> _Directions for this task_
Set out each line from the following listing that includes the word "ground".

> _Extracted information_
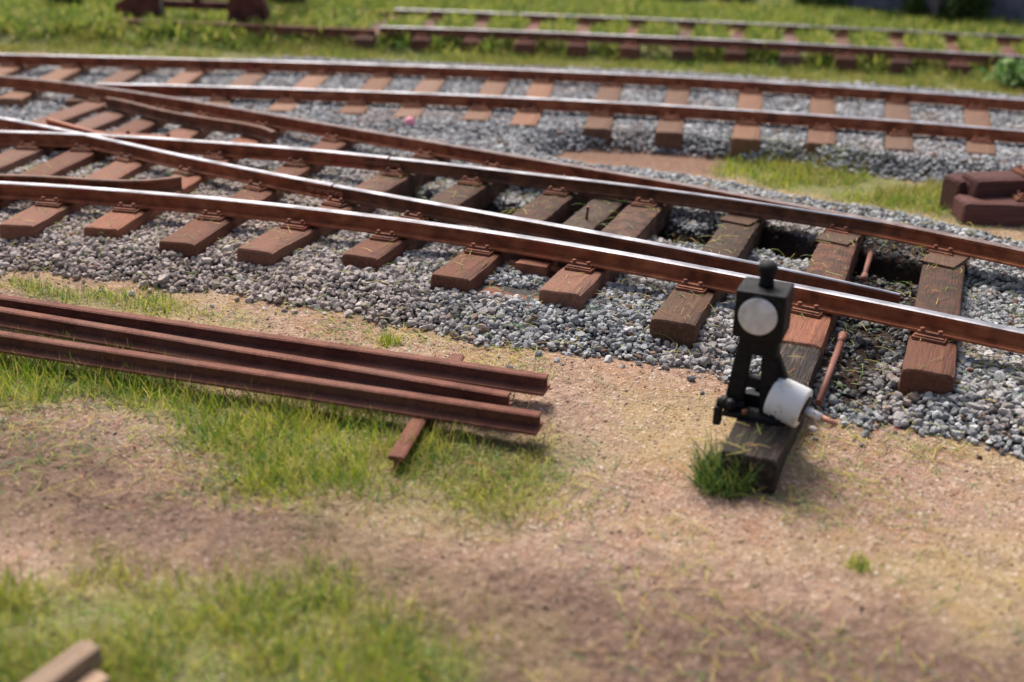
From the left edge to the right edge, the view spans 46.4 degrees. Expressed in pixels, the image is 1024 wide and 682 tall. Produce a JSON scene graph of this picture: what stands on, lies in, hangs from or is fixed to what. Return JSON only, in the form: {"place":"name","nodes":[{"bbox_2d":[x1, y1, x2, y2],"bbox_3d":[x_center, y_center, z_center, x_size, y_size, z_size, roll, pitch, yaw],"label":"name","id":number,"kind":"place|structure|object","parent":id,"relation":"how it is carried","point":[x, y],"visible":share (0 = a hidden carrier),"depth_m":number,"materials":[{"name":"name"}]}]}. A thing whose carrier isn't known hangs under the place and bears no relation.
{"place":"outdoors","nodes":[
{"label":"outdoors","id":0,"kind":"place"},
{"bbox_2d":[0,0,1023,681],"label":"ground","id":1,"kind":"structure","parent":0,"point":[204,528],"depth_m":4.66,"materials":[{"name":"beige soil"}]},
{"bbox_2d":[0,61,38,75],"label":"sleeper","id":2,"kind":"object","parent":1,"relation":"on","point":[10,69],"visible":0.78,"depth_m":12.61,"materials":[{"name":"brown wood"}]},
{"bbox_2d":[0,75,1023,268],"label":"rail","id":3,"kind":"object","parent":2,"relation":"on","point":[994,252],"visible":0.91,"depth_m":9.21,"materials":[{"name":"brown metal"}]},
{"bbox_2d":[0,95,110,151],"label":"sleeper","id":4,"kind":"object","parent":1,"relation":"on","point":[92,104],"visible":0.37,"depth_m":10.67,"materials":[{"name":"brown wood"}]},
{"bbox_2d":[49,0,81,5],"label":"shrub","id":5,"kind":"object","parent":1,"relation":"on","point":[70,1],"visible":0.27,"depth_m":16.98,"materials":[{"name":"green plant"}]},
{"bbox_2d":[0,99,134,173],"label":"sleeper","id":6,"kind":"object","parent":1,"relation":"on","point":[22,155],"visible":0.27,"depth_m":9.38,"materials":[{"name":"brown wood"}]},
{"bbox_2d":[0,174,182,192],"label":"guard rail","id":7,"kind":"object","parent":6,"relation":"on","point":[170,184],"visible":0.67,"depth_m":8.17,"materials":[{"name":"brown metal"}]},
{"bbox_2d":[43,124,192,138],"bbox_3d":[-3.365,-1.667,9.693,1.500,0.044,0.340,5,23,9],"label":"crossing plate","id":8,"kind":"object","parent":6,"relation":"on","point":[167,135],"visible":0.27,"depth_m":9.75,"materials":[{"name":"brown metal"}]},
{"bbox_2d":[46,118,117,139],"bbox_3d":[-3.458,-1.668,9.603,0.966,0.097,0.070,19,28,36],"label":"wing rail","id":9,"kind":"object","parent":8,"relation":"on","point":[57,123],"visible":0.46,"depth_m":9.66,"materials":[{"name":"brown metal"}]},
{"bbox_2d":[105,97,277,143],"bbox_3d":[-2.760,-1.891,10.184,2.122,0.098,0.143,16,26,31],"label":"guard rail","id":10,"kind":"object","parent":6,"relation":"on","point":[206,123],"visible":1,"depth_m":10.10,"materials":[{"name":"brown metal"}]},
{"bbox_2d":[0,104,184,209],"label":"sleeper","id":11,"kind":"object","parent":1,"relation":"on","point":[77,156],"visible":0.34,"depth_m":9.21,"materials":[{"name":"brown wood"}]},
{"bbox_2d":[0,117,343,198],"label":"rail","id":12,"kind":"object","parent":11,"relation":"on","point":[272,180],"visible":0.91,"depth_m":8.72,"materials":[{"name":"brown metal"}]},
{"bbox_2d":[0,181,1023,354],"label":"rail","id":13,"kind":"object","parent":11,"relation":"on","point":[976,332],"visible":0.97,"depth_m":7.12,"materials":[{"name":"brown metal"}]},
{"bbox_2d":[78,670,109,681],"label":"wooden beam","id":14,"kind":"structure","parent":1,"relation":"on","point":[95,676],"depth_m":3.67,"materials":[{"name":"beige wood"}]},
{"bbox_2d":[23,640,102,681],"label":"wooden beam","id":15,"kind":"structure","parent":14,"relation":"on","point":[72,664],"depth_m":3.66,"materials":[{"name":"beige wood"}]},
{"bbox_2d":[0,267,219,318],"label":"grass","id":16,"kind":"structure","parent":1,"relation":"on","point":[107,295],"depth_m":6.89,"materials":[{"name":"green plant"}]},
{"bbox_2d":[0,111,225,242],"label":"sleeper","id":17,"kind":"object","parent":1,"relation":"on","point":[125,166],"visible":0.39,"depth_m":7.91,"materials":[{"name":"brown wood"}]},
{"bbox_2d":[0,130,400,171],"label":"rail","id":18,"kind":"object","parent":17,"relation":"on","point":[373,162],"visible":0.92,"depth_m":9.20,"materials":[{"name":"brown metal"}]},
{"bbox_2d":[84,121,288,239],"bbox_3d":[-2.306,-1.302,9.094,0.254,0.214,3.456,5,23,8],"label":"sleeper","id":19,"kind":"object","parent":1,"relation":"on","point":[127,223],"visible":0.43,"depth_m":7.83,"materials":[{"name":"brown wood"}]},
{"bbox_2d":[114,0,329,23],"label":"buffer stop","id":20,"kind":"object","parent":1,"relation":"on","point":[242,11],"visible":0.52,"depth_m":15.84,"materials":[{"name":"metal"}]},
{"bbox_2d":[0,328,485,504],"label":"grass","id":21,"kind":"structure","parent":1,"relation":"on","point":[60,366],"depth_m":5.41,"materials":[{"name":"green plant"}]},
{"bbox_2d":[159,133,358,258],"bbox_3d":[-1.699,-1.165,8.796,0.253,0.214,3.332,6,23,10],"label":"sleeper","id":22,"kind":"object","parent":1,"relation":"on","point":[187,245],"visible":0.49,"depth_m":7.73,"materials":[{"name":"brown wood"}]},
{"bbox_2d":[0,324,541,681],"bbox_3d":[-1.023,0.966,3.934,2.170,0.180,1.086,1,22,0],"label":"grass","id":23,"kind":"structure","parent":1,"relation":"on","point":[203,615],"depth_m":3.98,"materials":[{"name":"green plant"}]},
{"bbox_2d":[237,149,452,266],"bbox_3d":[-1.024,-1.031,8.513,0.262,0.214,3.048,9,24,18],"label":"sleeper","id":24,"kind":"object","parent":1,"relation":"on","point":[268,251],"visible":0.52,"depth_m":7.61,"materials":[{"name":"brown wood"}]},
{"bbox_2d":[353,15,398,50],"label":"sleeper","id":25,"kind":"object","parent":1,"relation":"on","point":[361,39],"visible":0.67,"depth_m":15.14,"materials":[{"name":"brown wood"}]},
{"bbox_2d":[126,19,375,37],"bbox_3d":[-3.370,-4.026,15.395,3.272,0.106,0.112,4,22,5],"label":"rail","id":26,"kind":"object","parent":25,"relation":"on","point":[312,31],"visible":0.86,"depth_m":15.32,"materials":[{"name":"brown metal"}]},
{"bbox_2d":[270,7,389,18],"bbox_3d":[-3.388,-4.712,17.062,3.336,0.105,0.112,4,23,6],"label":"rail","id":27,"kind":"object","parent":25,"relation":"on","point":[386,13],"visible":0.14,"depth_m":16.89,"materials":[{"name":"brown metal"}]},
{"bbox_2d":[370,330,402,347],"bbox_3d":[-0.654,-0.017,6.364,0.191,0.085,0.185,-11,26,-29],"label":"grass tuft","id":28,"kind":"object","parent":1,"relation":"on","point":[388,340],"visible":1,"depth_m":6.36,"materials":[{"name":"green plant"}]},
{"bbox_2d":[5,0,794,9],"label":"grass","id":29,"kind":"structure","parent":1,"relation":"on","point":[771,2],"depth_m":20.64,"materials":[{"name":"green plant"}]},
{"bbox_2d":[169,392,670,567],"bbox_3d":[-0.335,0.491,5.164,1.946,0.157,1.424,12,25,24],"label":"grass","id":30,"kind":"structure","parent":1,"relation":"on","point":[479,475],"depth_m":5.02,"materials":[{"name":"green plant"}]},
{"bbox_2d":[387,353,464,473],"bbox_3d":[-0.383,0.321,5.557,0.120,0.102,1.129,5,23,10],"label":"support rail","id":31,"kind":"object","parent":1,"relation":"on","point":[400,449],"visible":0.43,"depth_m":5.19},
{"bbox_2d":[0,307,512,406],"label":"spare rail","id":32,"kind":"object","parent":31,"relation":"on","point":[140,340],"visible":0.93,"depth_m":5.85,"materials":[{"name":"brown metal"}]},
{"bbox_2d":[0,330,542,435],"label":"spare rail","id":33,"kind":"object","parent":31,"relation":"on","point":[492,416],"visible":1,"depth_m":5.55,"materials":[{"name":"brown metal"}]},
{"bbox_2d":[0,294,549,395],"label":"spare rail","id":34,"kind":"object","parent":31,"relation":"on","point":[505,379],"visible":0.88,"depth_m":5.93,"materials":[{"name":"brown metal"}]},
{"bbox_2d":[411,15,442,50],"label":"sleeper","id":35,"kind":"object","parent":1,"relation":"on","point":[418,41],"visible":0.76,"depth_m":15.17,"materials":[{"name":"brown wood"}]},
{"bbox_2d":[463,17,489,52],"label":"sleeper","id":36,"kind":"object","parent":1,"relation":"on","point":[474,41],"visible":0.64,"depth_m":15.15,"materials":[{"name":"brown wood"}]},
{"bbox_2d":[0,5,1023,95],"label":"grass","id":37,"kind":"structure","parent":1,"relation":"on","point":[656,66],"depth_m":14.75,"materials":[{"name":"green plant"}]},
{"bbox_2d":[0,0,1023,74],"bbox_3d":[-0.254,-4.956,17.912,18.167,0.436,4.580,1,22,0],"label":"grass","id":38,"kind":"structure","parent":1,"relation":"on","point":[593,7],"depth_m":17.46,"materials":[{"name":"green plant"}]},
{"bbox_2d":[0,173,1023,459],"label":"ballast","id":39,"kind":"structure","parent":1,"relation":"on","point":[76,255],"depth_m":6.86,"materials":[{"name":"grey gravel"}]},
{"bbox_2d":[342,161,508,271],"bbox_3d":[-0.442,-0.943,8.335,0.253,0.214,2.768,9,24,18],"label":"sleeper","id":40,"kind":"object","parent":39,"relation":"in","point":[482,197],"visible":0.42,"depth_m":7.67,"materials":[{"name":"brown wood"}]},
{"bbox_2d":[477,286,538,300],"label":"ground","id":41,"kind":"structure","parent":39,"relation":"on","point":[491,289],"depth_m":6.86,"materials":[{"name":"brown soil"}]},
{"bbox_2d":[431,174,593,293],"bbox_3d":[0.125,-0.799,8.021,0.269,0.214,2.754,9,24,18],"label":"sleeper","id":42,"kind":"object","parent":39,"relation":"in","point":[474,273],"visible":0.41,"depth_m":7.18,"materials":[{"name":"brown wood"}]},
{"bbox_2d":[389,157,905,236],"bbox_3d":[0.841,-1.014,8.270,3.773,0.101,0.170,11,24,21],"label":"rail","id":43,"kind":"object","parent":42,"relation":"on","point":[658,195],"visible":1,"depth_m":8.28,"materials":[{"name":"brown metal"}]},
{"bbox_2d":[508,256,561,276],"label":"sleeper","id":44,"kind":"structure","parent":39,"relation":"on","point":[524,265],"depth_m":7.07,"materials":[{"name":"brown wood"}]},
{"bbox_2d":[557,195,629,267],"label":"sleeper","id":45,"kind":"object","parent":39,"relation":"in","point":[618,206],"visible":0.27,"depth_m":8.07,"materials":[{"name":"brown wood"}]},
{"bbox_2d":[585,206,589,219],"bbox_3d":[0.498,-0.836,7.888,0.027,0.103,0.026,10,24,21],"label":"nail","id":46,"kind":"object","parent":45,"relation":"on","point":[587,212],"visible":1,"depth_m":7.88,"materials":[{"name":"brown metal"}]},
{"bbox_2d":[0,53,1023,204],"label":"ballast","id":47,"kind":"structure","parent":1,"relation":"on","point":[435,122],"depth_m":10.63,"materials":[{"name":"grey gravel"}]},
{"bbox_2d":[0,63,96,107],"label":"sleeper","id":48,"kind":"object","parent":47,"relation":"on","point":[66,72],"visible":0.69,"depth_m":12.04,"materials":[{"name":"brown wood"}]},
{"bbox_2d":[65,64,157,107],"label":"sleeper","id":49,"kind":"object","parent":47,"relation":"on","point":[127,74],"visible":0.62,"depth_m":12.28,"materials":[{"name":"brown wood"}]},
{"bbox_2d":[154,66,214,93],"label":"sleeper","id":50,"kind":"object","parent":47,"relation":"on","point":[189,75],"visible":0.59,"depth_m":12.41,"materials":[{"name":"brown wood"}]},
{"bbox_2d":[206,67,270,105],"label":"sleeper","id":51,"kind":"object","parent":47,"relation":"on","point":[250,77],"visible":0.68,"depth_m":12.18,"materials":[{"name":"brown wood"}]},
{"bbox_2d":[266,69,331,112],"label":"sleeper","id":52,"kind":"object","parent":47,"relation":"in","point":[313,79],"visible":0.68,"depth_m":12.00,"materials":[{"name":"brown wood"}]},
{"bbox_2d":[337,71,394,115],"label":"sleeper","id":53,"kind":"object","parent":47,"relation":"on","point":[377,81],"visible":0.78,"depth_m":11.95,"materials":[{"name":"brown wood"}]},
{"bbox_2d":[405,117,414,125],"bbox_3d":[-0.908,-1.879,10.626,0.086,0.218,0.086,1,22,0],"label":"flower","id":54,"kind":"object","parent":47,"relation":"on","point":[409,120],"visible":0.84,"depth_m":10.57,"materials":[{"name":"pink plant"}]},
{"bbox_2d":[393,73,447,119],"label":"sleeper","id":55,"kind":"object","parent":47,"relation":"on","point":[429,83],"visible":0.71,"depth_m":11.90,"materials":[{"name":"brown wood"}]},
{"bbox_2d":[463,75,510,122],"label":"sleeper","id":56,"kind":"object","parent":47,"relation":"in","point":[493,85],"visible":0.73,"depth_m":11.85,"materials":[{"name":"brown wood"}]},
{"bbox_2d":[0,53,1023,110],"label":"rail","id":57,"kind":"object","parent":56,"relation":"on","point":[1015,104],"visible":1,"depth_m":12.53,"materials":[{"name":"brown metal"}]},
{"bbox_2d":[583,80,623,143],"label":"sleeper","id":58,"kind":"object","parent":47,"relation":"in","point":[598,124],"visible":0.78,"depth_m":10.95,"materials":[{"name":"brown wood"}]},
{"bbox_2d":[884,97,913,152],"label":"sleeper","id":59,"kind":"object","parent":47,"relation":"in","point":[894,139],"visible":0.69,"depth_m":10.52,"materials":[{"name":"brown wood"}]},
{"bbox_2d":[963,103,996,155],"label":"sleeper","id":60,"kind":"object","parent":47,"relation":"in","point":[975,115],"visible":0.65,"depth_m":11.01,"materials":[{"name":"brown wood"}]},
{"bbox_2d":[0,152,1023,681],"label":"plant fibres","id":61,"kind":"object","parent":1,"relation":"on","point":[542,368],"visible":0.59,"depth_m":5.16,"materials":[{"name":"beige plant"}]},
{"bbox_2d":[515,19,544,54],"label":"sleeper","id":62,"kind":"object","parent":1,"relation":"on","point":[524,45],"visible":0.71,"depth_m":15.10,"materials":[{"name":"brown wood"}]},
{"bbox_2d":[510,77,555,127],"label":"sleeper","id":63,"kind":"object","parent":1,"relation":"on","point":[531,117],"visible":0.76,"depth_m":11.09,"materials":[{"name":"brown wood"}]},
{"bbox_2d":[566,21,594,56],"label":"sleeper","id":64,"kind":"object","parent":1,"relation":"on","point":[577,48],"visible":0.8,"depth_m":15.04,"materials":[{"name":"brown wood"}]},
{"bbox_2d":[539,197,674,310],"bbox_3d":[0.714,-0.678,7.761,0.272,0.214,2.606,9,24,18],"label":"sleeper","id":65,"kind":"object","parent":1,"relation":"on","point":[643,224],"visible":0.39,"depth_m":6.96,"materials":[{"name":"brown wood"}]},
{"bbox_2d":[332,184,900,303],"bbox_3d":[0.450,-0.624,7.298,3.809,0.100,0.126,14,25,27],"label":"rail","id":66,"kind":"object","parent":65,"relation":"on","point":[474,217],"visible":0.8,"depth_m":7.30,"materials":[{"name":"brown metal"}]},
{"bbox_2d":[619,23,641,59],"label":"sleeper","id":67,"kind":"object","parent":1,"relation":"on","point":[630,50],"visible":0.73,"depth_m":14.96,"materials":[{"name":"brown wood"}]},
{"bbox_2d":[654,84,690,149],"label":"sleeper","id":68,"kind":"object","parent":1,"relation":"on","point":[669,132],"visible":0.71,"depth_m":10.74,"materials":[{"name":"brown wood"}]},
{"bbox_2d":[671,25,692,61],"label":"sleeper","id":69,"kind":"object","parent":1,"relation":"on","point":[682,52],"visible":0.71,"depth_m":14.88,"materials":[{"name":"brown wood"}]},
{"bbox_2d":[650,0,713,3],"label":"shrub","id":70,"kind":"object","parent":1,"relation":"on","point":[684,1],"visible":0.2,"depth_m":19.23,"materials":[{"name":"green plant"}]},
{"bbox_2d":[379,26,1023,63],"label":"rail","id":71,"kind":"object","parent":1,"relation":"on","point":[730,43],"visible":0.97,"depth_m":14.93,"materials":[{"name":"brown metal"}]},
{"bbox_2d":[649,213,767,348],"bbox_3d":[1.294,-0.515,7.402,0.277,0.214,2.633,9,24,18],"label":"sleeper","id":72,"kind":"object","parent":1,"relation":"on","point":[678,329],"visible":0.53,"depth_m":6.62,"materials":[{"name":"brown wood"}]},
{"bbox_2d":[394,9,1023,44],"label":"rail","id":73,"kind":"object","parent":1,"relation":"on","point":[743,25],"visible":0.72,"depth_m":16.50,"materials":[{"name":"brown metal"}]},
{"bbox_2d":[667,421,784,500],"bbox_3d":[0.879,0.513,4.979,0.471,0.298,0.458,12,25,24],"label":"grass tuft","id":74,"kind":"object","parent":1,"relation":"on","point":[704,468],"visible":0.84,"depth_m":4.95,"materials":[{"name":"green plant"}]},
{"bbox_2d":[725,28,745,64],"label":"sleeper","id":75,"kind":"object","parent":1,"relation":"on","point":[733,54],"visible":0.75,"depth_m":14.79,"materials":[{"name":"brown wood"}]},
{"bbox_2d":[715,0,758,6],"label":"shrub","id":76,"kind":"object","parent":1,"relation":"on","point":[743,1],"visible":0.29,"depth_m":19.70,"materials":[{"name":"green plant"}]},
{"bbox_2d":[730,88,762,154],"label":"sleeper","id":77,"kind":"object","parent":1,"relation":"on","point":[746,136],"visible":0.68,"depth_m":10.65,"materials":[{"name":"brown wood"}]},
{"bbox_2d":[719,343,822,495],"bbox_3d":[1.213,0.327,5.519,0.242,0.203,1.348,10,24,19],"label":"signal timber","id":78,"kind":"object","parent":1,"relation":"on","point":[805,365],"visible":0.54,"depth_m":5.05,"materials":[{"name":"brown wood"}]},
{"bbox_2d":[712,260,793,425],"bbox_3d":[1.080,0.023,5.135,0.353,0.760,0.210,10,24,20],"label":"switch lantern","id":79,"kind":"object","parent":78,"relation":"on","point":[762,313],"visible":0.88,"depth_m":5.09,"materials":[{"name":"black paint"}]},
{"bbox_2d":[755,378,837,426],"bbox_3d":[1.229,0.269,5.166,0.372,0.207,0.202,10,24,20],"label":"lever weight","id":80,"kind":"object","parent":79,"relation":"attached to","point":[788,401],"visible":0.94,"depth_m":5.11,"materials":[{"name":"white paint"}]},
{"bbox_2d":[779,30,799,67],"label":"sleeper","id":81,"kind":"object","parent":1,"relation":"on","point":[786,56],"visible":0.73,"depth_m":14.69,"materials":[{"name":"brown wood"}]},
{"bbox_2d":[808,425,816,431],"bbox_3d":[1.380,0.404,5.491,0.052,0.027,0.034,-8,24,-21],"label":"stone chip","id":82,"kind":"object","parent":1,"relation":"on","point":[811,428],"visible":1,"depth_m":5.48,"materials":[{"name":"grey stone"}]},
{"bbox_2d":[806,92,835,155],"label":"sleeper","id":83,"kind":"object","parent":1,"relation":"on","point":[818,134],"visible":0.66,"depth_m":10.64,"materials":[{"name":"brown wood"}]},
{"bbox_2d":[789,0,852,10],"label":"shrub","id":84,"kind":"object","parent":1,"relation":"on","point":[827,3],"visible":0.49,"depth_m":18.53,"materials":[{"name":"green plant"}]},
{"bbox_2d":[782,224,863,358],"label":"sleeper","id":85,"kind":"object","parent":1,"relation":"on","point":[816,323],"visible":0.48,"depth_m":7.04,"materials":[{"name":"brown wood"}]},
{"bbox_2d":[815,331,847,405],"bbox_3d":[1.581,0.123,5.930,0.052,0.112,0.764,10,24,21],"label":"point rod","id":86,"kind":"object","parent":1,"relation":"on","point":[842,337],"visible":1,"depth_m":5.89,"materials":[{"name":"brown metal"}]},
{"bbox_2d":[832,33,855,70],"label":"sleeper","id":87,"kind":"object","parent":1,"relation":"on","point":[846,60],"visible":0.72,"depth_m":14.56,"materials":[{"name":"brown wood"}]},
{"bbox_2d":[843,548,878,572],"bbox_3d":[1.289,0.818,4.447,0.138,0.076,0.165,-11,26,-28],"label":"grass tuft","id":88,"kind":"object","parent":1,"relation":"on","point":[863,565],"visible":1,"depth_m":4.45,"materials":[{"name":"green plant"}]},
{"bbox_2d":[859,248,873,281],"bbox_3d":[2.214,-0.475,7.431,0.052,0.052,0.612,9,24,19],"label":"point rod","id":89,"kind":"object","parent":1,"relation":"on","point":[863,277],"visible":1,"depth_m":7.35,"materials":[{"name":"brown metal"}]},
{"bbox_2d":[864,7,885,13],"bbox_3d":[5.525,-4.903,18.293,0.639,0.406,0.498,9,24,19],"label":"shrub","id":90,"kind":"object","parent":1,"relation":"on","point":[874,9],"visible":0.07,"depth_m":18.25,"materials":[{"name":"green plant"}]},
{"bbox_2d":[842,0,928,13],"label":"wall panel","id":91,"kind":"structure","parent":1,"relation":"on","point":[889,4],"depth_m":18.52,"materials":[{"name":"grey stone"}]},
{"bbox_2d":[887,35,911,73],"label":"sleeper","id":92,"kind":"object","parent":1,"relation":"on","point":[898,64],"visible":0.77,"depth_m":14.43,"materials":[{"name":"brown wood"}]},
{"bbox_2d":[894,0,930,18],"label":"shrub","id":93,"kind":"object","parent":1,"relation":"on","point":[914,7],"visible":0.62,"depth_m":17.78,"materials":[{"name":"green plant"}]},
{"bbox_2d":[898,244,970,395],"bbox_3d":[2.416,-0.228,6.774,0.291,0.214,2.431,9,24,19],"label":"sleeper","id":94,"kind":"object","parent":1,"relation":"on","point":[926,351],"visible":0.62,"depth_m":6.07,"materials":[{"name":"brown wood"}]},
{"bbox_2d":[928,0,941,17],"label":"wall post","id":95,"kind":"object","parent":1,"relation":"on","point":[934,6],"depth_m":18.06,"materials":[{"name":"concrete"}]},
{"bbox_2d":[939,173,967,213],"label":"old sleeper","id":96,"kind":"object","parent":1,"relation":"on","point":[953,185],"visible":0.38,"depth_m":8.92,"materials":[{"name":"brown wood"}]},
{"bbox_2d":[962,164,1023,197],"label":"old sleeper","id":97,"kind":"object","parent":96,"relation":"on","point":[981,184],"visible":0.97,"depth_m":8.76,"materials":[{"name":"brown wood"}]},
{"bbox_2d":[944,38,969,74],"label":"sleeper","id":98,"kind":"object","parent":1,"relation":"on","point":[957,65],"visible":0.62,"depth_m":14.30,"materials":[{"name":"brown wood"}]},
{"bbox_2d":[936,0,995,22],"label":"shrub","id":99,"kind":"object","parent":1,"relation":"on","point":[956,7],"visible":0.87,"depth_m":17.51,"materials":[{"name":"green plant"}]},
{"bbox_2d":[939,0,1023,26],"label":"wall panel","id":100,"kind":"structure","parent":1,"relation":"on","point":[1012,9],"depth_m":17.62,"materials":[{"name":"grey stone"}]},
{"bbox_2d":[951,190,1023,226],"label":"old sleeper","id":101,"kind":"object","parent":1,"relation":"on","point":[995,211],"visible":1,"depth_m":8.65,"materials":[{"name":"brown wood"}]},
{"bbox_2d":[977,56,1023,89],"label":"leafy plant","id":102,"kind":"object","parent":1,"relation":"on","point":[1007,71],"visible":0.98,"depth_m":13.75,"materials":[{"name":"green plant"}]},
{"bbox_2d":[995,41,1023,65],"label":"sleeper","id":103,"kind":"object","parent":1,"relation":"on","point":[1006,48],"visible":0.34,"depth_m":15.49,"materials":[{"name":"brown wood"}]},
{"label":"sleeper","id":104,"kind":"object","parent":1,"relation":"on","visible":0},
{"bbox_2d":[96,83,1023,143],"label":"rail","id":105,"kind":"object","parent":104,"relation":"on","point":[700,112],"visible":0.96,"depth_m":11.06,"materials":[{"name":"brown metal"}]},
{"bbox_2d":[710,133,951,216],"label":"grass","id":106,"kind":"structure","parent":0,"point":[804,181],"depth_m":9.68,"materials":[{"name":"green plant"}]}
]}

> _Solution to the exercise_
{"bbox_2d":[0,0,1023,681],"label":"ground","id":1,"kind":"structure","parent":0,"point":[204,528],"depth_m":4.66,"materials":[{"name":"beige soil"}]},
{"bbox_2d":[477,286,538,300],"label":"ground","id":41,"kind":"structure","parent":39,"relation":"on","point":[491,289],"depth_m":6.86,"materials":[{"name":"brown soil"}]},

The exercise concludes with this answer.